TASK REQUIREMENTS
Go to the line containing "#7398=ORIENTED_EDGE('',*,*,#5352,.T.);" in the records below and print it and every following line exactly, on through the line containing "#11433=AXIS2_PLACEMENT_3D('',#17248,#12634,#12635);", then stop.

Source data

BEGIN

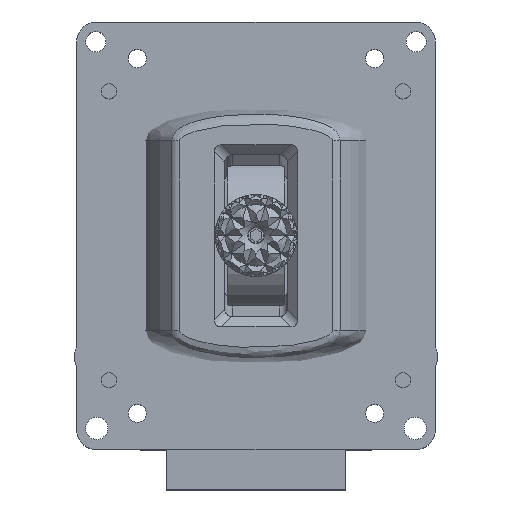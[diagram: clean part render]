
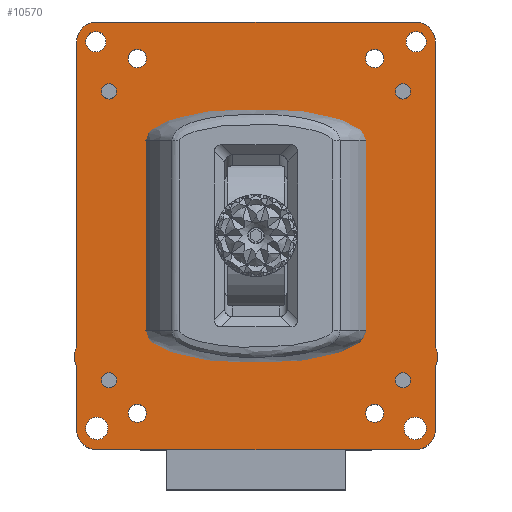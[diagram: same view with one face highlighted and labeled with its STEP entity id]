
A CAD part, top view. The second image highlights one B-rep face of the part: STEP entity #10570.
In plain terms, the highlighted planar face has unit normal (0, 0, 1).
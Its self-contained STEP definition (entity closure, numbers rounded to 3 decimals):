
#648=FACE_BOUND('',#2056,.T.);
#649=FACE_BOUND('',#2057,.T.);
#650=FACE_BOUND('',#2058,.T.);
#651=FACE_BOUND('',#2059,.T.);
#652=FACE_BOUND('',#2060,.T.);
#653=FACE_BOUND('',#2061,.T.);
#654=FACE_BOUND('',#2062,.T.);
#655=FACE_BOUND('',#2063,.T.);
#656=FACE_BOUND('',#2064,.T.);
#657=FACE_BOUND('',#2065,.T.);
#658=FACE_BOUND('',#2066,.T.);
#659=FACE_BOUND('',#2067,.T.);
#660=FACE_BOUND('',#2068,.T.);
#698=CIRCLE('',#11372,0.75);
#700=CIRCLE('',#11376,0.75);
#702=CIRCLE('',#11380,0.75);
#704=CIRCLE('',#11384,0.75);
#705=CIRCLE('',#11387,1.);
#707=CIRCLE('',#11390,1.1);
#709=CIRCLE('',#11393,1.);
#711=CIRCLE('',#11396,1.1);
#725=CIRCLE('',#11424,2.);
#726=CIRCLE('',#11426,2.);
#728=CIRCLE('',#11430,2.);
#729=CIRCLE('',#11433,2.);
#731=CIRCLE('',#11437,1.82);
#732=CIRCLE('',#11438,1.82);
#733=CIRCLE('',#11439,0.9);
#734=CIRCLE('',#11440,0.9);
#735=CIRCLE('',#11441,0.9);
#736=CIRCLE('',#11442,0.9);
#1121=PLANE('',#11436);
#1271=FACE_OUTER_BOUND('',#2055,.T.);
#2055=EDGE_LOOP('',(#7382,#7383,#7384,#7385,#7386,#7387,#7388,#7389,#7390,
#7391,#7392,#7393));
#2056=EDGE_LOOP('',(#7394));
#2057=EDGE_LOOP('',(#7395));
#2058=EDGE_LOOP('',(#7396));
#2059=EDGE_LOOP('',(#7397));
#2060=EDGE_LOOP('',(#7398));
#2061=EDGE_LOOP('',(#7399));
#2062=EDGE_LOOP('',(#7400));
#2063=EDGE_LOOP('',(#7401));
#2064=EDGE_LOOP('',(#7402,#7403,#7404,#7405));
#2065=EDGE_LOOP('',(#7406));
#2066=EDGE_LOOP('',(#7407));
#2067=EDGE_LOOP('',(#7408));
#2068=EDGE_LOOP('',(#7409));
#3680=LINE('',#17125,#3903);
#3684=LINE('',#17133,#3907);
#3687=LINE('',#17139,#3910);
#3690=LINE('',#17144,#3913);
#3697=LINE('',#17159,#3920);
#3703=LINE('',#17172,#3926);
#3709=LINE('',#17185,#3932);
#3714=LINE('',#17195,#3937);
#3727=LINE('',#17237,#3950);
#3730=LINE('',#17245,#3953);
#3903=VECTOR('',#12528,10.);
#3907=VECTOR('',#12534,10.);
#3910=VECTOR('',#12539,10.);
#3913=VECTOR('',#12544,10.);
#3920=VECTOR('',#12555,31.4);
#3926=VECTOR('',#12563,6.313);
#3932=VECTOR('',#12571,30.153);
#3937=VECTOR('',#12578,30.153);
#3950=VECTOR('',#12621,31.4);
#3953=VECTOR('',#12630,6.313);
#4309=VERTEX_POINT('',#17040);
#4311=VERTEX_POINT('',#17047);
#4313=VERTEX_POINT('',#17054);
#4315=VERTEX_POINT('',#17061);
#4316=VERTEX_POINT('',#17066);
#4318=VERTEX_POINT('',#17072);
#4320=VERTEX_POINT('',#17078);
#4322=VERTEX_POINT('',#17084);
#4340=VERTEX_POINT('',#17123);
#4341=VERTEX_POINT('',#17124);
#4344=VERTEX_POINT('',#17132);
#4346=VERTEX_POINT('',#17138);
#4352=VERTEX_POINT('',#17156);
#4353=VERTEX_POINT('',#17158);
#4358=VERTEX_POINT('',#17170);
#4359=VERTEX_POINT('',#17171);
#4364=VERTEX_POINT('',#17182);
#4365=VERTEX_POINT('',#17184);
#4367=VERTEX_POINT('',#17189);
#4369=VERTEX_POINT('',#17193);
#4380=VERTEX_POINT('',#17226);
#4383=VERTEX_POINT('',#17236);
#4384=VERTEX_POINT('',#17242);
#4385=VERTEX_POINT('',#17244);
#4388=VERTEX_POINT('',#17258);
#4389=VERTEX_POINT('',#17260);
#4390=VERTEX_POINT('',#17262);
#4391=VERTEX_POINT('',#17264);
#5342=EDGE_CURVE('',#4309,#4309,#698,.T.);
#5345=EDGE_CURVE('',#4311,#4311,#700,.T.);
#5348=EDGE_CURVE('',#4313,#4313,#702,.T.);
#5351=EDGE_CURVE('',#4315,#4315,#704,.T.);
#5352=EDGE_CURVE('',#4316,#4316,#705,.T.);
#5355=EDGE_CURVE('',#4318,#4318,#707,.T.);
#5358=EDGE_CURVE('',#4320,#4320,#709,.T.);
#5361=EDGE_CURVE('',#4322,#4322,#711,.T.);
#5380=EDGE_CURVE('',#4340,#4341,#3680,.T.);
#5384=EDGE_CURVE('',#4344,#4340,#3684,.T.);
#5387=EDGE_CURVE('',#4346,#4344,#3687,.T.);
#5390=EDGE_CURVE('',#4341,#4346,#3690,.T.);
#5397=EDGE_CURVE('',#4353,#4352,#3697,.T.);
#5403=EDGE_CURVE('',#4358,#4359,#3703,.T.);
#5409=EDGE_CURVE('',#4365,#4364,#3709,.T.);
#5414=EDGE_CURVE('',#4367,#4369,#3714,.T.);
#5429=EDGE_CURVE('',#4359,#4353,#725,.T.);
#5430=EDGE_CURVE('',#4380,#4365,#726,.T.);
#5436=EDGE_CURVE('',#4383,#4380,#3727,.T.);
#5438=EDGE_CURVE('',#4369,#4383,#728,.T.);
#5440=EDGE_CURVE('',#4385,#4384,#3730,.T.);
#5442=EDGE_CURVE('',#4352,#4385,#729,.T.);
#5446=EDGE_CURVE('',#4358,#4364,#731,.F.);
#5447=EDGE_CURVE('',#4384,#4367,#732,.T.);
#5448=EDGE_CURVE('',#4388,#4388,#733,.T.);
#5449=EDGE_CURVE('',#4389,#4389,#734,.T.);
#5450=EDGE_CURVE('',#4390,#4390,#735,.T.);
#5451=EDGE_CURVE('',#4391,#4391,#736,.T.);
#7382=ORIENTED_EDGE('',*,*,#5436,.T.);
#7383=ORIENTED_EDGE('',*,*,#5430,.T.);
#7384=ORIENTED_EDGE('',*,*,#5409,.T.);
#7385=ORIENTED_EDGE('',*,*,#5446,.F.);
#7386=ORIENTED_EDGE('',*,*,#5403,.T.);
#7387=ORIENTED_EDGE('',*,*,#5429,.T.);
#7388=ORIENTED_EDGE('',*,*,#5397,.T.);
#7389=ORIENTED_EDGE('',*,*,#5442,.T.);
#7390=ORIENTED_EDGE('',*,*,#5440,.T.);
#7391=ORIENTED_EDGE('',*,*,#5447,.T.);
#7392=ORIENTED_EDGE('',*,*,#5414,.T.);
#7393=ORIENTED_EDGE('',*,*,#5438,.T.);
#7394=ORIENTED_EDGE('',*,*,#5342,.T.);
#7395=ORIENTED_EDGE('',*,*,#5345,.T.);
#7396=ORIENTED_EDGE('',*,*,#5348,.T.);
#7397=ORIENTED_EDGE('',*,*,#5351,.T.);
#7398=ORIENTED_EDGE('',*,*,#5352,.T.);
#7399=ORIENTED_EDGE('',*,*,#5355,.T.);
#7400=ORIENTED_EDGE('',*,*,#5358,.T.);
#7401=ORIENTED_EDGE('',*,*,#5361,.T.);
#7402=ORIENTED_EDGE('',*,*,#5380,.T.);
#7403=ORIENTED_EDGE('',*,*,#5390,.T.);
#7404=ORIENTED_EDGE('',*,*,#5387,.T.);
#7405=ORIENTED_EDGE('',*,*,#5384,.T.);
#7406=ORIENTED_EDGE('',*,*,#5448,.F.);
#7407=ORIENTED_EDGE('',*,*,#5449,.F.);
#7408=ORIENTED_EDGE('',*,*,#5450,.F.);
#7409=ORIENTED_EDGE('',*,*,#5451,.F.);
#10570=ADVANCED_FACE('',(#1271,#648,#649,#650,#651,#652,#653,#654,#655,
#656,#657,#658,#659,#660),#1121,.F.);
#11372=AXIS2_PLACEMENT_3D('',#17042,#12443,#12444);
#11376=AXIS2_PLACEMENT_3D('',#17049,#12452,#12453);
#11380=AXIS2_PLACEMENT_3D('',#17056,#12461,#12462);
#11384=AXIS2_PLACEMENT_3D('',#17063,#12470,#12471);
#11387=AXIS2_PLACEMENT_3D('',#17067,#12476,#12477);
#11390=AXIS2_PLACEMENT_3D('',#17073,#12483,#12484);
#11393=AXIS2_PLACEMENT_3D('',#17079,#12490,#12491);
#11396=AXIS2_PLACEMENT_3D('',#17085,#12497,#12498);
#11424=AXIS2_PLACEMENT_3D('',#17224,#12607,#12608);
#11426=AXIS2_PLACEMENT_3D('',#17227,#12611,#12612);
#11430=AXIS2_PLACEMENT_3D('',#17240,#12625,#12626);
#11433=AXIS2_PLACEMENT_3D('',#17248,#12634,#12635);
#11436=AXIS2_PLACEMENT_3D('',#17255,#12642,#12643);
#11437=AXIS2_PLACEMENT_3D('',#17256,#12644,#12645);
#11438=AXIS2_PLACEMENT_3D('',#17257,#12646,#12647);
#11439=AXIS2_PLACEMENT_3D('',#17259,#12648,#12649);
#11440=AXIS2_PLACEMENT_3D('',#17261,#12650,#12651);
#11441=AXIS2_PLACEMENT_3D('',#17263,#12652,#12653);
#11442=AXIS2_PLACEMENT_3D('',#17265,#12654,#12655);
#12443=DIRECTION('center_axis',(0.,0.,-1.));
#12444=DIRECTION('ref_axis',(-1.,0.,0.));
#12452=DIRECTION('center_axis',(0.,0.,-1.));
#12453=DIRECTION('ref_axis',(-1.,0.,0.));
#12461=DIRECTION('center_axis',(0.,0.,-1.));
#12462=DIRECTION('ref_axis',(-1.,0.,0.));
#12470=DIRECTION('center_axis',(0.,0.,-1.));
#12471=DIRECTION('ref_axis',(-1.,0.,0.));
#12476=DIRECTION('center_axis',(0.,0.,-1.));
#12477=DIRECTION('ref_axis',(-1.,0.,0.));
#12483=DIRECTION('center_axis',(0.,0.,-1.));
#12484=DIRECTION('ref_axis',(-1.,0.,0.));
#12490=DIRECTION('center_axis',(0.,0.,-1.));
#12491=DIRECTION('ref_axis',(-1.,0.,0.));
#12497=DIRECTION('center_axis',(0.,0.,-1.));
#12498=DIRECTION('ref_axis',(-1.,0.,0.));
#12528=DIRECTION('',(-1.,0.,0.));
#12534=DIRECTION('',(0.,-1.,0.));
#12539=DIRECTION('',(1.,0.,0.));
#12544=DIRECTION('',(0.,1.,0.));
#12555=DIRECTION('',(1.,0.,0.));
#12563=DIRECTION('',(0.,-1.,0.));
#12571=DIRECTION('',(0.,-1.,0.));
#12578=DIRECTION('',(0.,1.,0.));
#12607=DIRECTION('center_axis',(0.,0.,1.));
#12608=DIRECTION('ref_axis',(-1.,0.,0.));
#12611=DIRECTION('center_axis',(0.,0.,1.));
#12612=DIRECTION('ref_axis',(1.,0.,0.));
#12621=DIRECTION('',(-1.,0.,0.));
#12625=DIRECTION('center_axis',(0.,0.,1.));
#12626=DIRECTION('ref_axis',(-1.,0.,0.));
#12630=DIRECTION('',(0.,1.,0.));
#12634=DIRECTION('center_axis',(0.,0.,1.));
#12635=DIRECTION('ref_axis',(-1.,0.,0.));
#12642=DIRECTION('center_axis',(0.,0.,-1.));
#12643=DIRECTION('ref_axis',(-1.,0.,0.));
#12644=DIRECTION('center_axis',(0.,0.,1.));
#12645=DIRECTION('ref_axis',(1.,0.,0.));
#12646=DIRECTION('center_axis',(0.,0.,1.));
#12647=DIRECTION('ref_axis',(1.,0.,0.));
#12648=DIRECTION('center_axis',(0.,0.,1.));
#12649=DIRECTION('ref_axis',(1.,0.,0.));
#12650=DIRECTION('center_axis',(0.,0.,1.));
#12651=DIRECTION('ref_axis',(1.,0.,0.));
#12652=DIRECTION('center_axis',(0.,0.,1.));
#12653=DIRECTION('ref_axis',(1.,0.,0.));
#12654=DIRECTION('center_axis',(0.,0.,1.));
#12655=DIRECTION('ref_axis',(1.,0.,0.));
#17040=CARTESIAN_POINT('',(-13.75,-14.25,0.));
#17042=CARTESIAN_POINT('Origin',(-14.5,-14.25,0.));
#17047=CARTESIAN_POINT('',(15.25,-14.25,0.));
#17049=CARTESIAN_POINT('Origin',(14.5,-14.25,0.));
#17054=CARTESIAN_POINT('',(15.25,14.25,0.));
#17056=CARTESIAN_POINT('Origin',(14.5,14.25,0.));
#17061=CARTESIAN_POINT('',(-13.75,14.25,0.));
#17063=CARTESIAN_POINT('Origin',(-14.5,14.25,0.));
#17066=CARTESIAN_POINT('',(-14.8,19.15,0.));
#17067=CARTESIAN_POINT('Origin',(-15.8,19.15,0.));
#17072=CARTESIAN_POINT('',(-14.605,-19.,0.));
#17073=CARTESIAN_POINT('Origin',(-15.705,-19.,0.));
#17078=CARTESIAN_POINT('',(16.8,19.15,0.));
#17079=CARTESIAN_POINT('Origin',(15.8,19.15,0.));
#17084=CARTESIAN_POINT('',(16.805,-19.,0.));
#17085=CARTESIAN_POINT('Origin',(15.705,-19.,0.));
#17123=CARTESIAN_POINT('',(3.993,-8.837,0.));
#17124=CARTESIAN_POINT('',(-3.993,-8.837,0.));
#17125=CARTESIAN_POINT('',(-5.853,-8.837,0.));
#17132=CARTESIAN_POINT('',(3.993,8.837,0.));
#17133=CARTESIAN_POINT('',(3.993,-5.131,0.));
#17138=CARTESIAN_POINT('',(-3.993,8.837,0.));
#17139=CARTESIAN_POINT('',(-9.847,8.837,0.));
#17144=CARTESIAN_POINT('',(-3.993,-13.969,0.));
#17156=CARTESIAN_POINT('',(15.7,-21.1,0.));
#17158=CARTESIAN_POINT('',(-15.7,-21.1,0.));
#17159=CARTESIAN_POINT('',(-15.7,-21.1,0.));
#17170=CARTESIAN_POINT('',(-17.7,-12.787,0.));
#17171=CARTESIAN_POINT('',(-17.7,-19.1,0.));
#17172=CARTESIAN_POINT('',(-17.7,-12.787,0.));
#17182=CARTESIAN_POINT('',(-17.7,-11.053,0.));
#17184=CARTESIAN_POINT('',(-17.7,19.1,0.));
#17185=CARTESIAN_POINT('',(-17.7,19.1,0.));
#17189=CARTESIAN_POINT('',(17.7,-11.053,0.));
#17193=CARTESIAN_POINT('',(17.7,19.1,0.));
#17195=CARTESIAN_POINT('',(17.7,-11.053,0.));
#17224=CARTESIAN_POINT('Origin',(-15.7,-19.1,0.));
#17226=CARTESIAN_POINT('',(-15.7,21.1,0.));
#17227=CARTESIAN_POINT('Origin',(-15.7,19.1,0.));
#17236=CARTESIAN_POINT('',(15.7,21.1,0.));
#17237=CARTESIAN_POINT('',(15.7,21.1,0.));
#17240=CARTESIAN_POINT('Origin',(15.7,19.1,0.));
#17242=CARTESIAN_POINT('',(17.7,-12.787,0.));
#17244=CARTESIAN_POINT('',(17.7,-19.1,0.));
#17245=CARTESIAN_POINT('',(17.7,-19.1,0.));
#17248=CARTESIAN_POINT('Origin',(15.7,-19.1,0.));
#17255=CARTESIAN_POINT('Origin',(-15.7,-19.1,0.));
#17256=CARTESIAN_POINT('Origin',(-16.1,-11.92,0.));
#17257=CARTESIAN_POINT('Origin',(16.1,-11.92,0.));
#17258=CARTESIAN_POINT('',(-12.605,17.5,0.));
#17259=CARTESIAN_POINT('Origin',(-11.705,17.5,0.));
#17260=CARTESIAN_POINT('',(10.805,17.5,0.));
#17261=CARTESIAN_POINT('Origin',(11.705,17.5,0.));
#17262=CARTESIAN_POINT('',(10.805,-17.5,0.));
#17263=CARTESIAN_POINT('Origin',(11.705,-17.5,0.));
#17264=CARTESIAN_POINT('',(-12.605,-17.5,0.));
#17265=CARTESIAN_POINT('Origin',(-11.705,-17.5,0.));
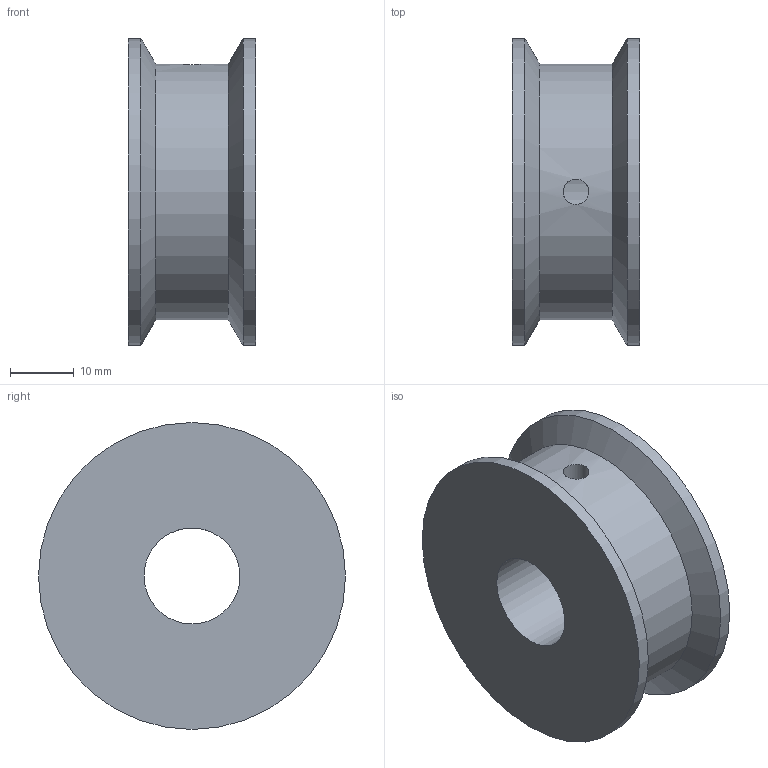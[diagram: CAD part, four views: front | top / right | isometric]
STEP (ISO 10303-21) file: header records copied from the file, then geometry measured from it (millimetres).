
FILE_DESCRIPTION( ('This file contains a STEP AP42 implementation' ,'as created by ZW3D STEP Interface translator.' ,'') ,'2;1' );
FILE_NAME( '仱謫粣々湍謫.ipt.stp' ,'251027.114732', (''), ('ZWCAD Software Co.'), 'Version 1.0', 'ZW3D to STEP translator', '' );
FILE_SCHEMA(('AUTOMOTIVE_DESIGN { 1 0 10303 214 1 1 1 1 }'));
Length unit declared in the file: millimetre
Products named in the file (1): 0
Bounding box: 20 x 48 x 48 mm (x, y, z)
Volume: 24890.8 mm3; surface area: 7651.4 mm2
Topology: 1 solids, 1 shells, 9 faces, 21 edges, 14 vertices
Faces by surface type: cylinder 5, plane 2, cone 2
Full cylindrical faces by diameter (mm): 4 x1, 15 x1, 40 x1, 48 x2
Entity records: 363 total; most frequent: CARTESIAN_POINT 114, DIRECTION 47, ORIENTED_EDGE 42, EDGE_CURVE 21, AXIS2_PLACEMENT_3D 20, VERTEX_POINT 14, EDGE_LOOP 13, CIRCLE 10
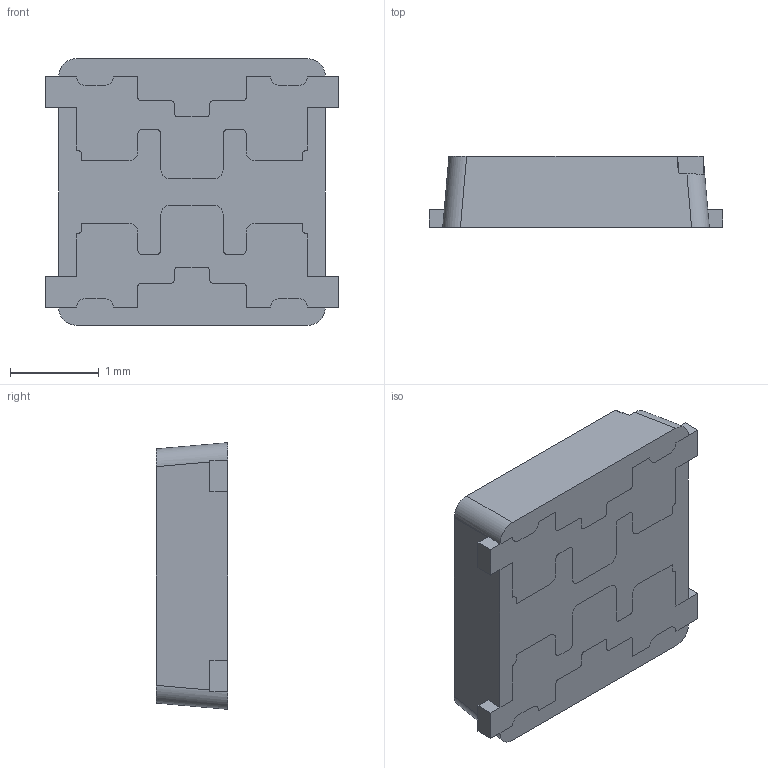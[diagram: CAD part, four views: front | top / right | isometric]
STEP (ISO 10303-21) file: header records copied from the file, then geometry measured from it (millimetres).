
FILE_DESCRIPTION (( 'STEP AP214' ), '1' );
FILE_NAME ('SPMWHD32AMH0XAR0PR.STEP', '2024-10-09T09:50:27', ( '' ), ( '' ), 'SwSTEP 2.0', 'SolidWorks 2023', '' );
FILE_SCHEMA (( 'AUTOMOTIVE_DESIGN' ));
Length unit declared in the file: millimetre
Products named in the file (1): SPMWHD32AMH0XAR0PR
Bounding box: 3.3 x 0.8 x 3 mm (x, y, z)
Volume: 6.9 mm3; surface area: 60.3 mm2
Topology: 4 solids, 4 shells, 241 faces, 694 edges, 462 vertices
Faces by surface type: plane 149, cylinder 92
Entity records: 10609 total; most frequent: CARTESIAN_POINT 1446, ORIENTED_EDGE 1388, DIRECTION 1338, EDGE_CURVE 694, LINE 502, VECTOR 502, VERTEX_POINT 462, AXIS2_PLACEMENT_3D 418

END

TASK ANSWER
#7398=ORIENTED_EDGE('',*,*,#5352,.T.);
#7399=ORIENTED_EDGE('',*,*,#5355,.T.);
#7400=ORIENTED_EDGE('',*,*,#5358,.T.);
#7401=ORIENTED_EDGE('',*,*,#5361,.T.);
#7402=ORIENTED_EDGE('',*,*,#5380,.T.);
#7403=ORIENTED_EDGE('',*,*,#5390,.T.);
#7404=ORIENTED_EDGE('',*,*,#5387,.T.);
#7405=ORIENTED_EDGE('',*,*,#5384,.T.);
#7406=ORIENTED_EDGE('',*,*,#5448,.F.);
#7407=ORIENTED_EDGE('',*,*,#5449,.F.);
#7408=ORIENTED_EDGE('',*,*,#5450,.F.);
#7409=ORIENTED_EDGE('',*,*,#5451,.F.);
#10570=ADVANCED_FACE('',(#1271,#648,#649,#650,#651,#652,#653,#654,#655,
#656,#657,#658,#659,#660),#1121,.F.);
#11372=AXIS2_PLACEMENT_3D('',#17042,#12443,#12444);
#11376=AXIS2_PLACEMENT_3D('',#17049,#12452,#12453);
#11380=AXIS2_PLACEMENT_3D('',#17056,#12461,#12462);
#11384=AXIS2_PLACEMENT_3D('',#17063,#12470,#12471);
#11387=AXIS2_PLACEMENT_3D('',#17067,#12476,#12477);
#11390=AXIS2_PLACEMENT_3D('',#17073,#12483,#12484);
#11393=AXIS2_PLACEMENT_3D('',#17079,#12490,#12491);
#11396=AXIS2_PLACEMENT_3D('',#17085,#12497,#12498);
#11424=AXIS2_PLACEMENT_3D('',#17224,#12607,#12608);
#11426=AXIS2_PLACEMENT_3D('',#17227,#12611,#12612);
#11430=AXIS2_PLACEMENT_3D('',#17240,#12625,#12626);
#11433=AXIS2_PLACEMENT_3D('',#17248,#12634,#12635);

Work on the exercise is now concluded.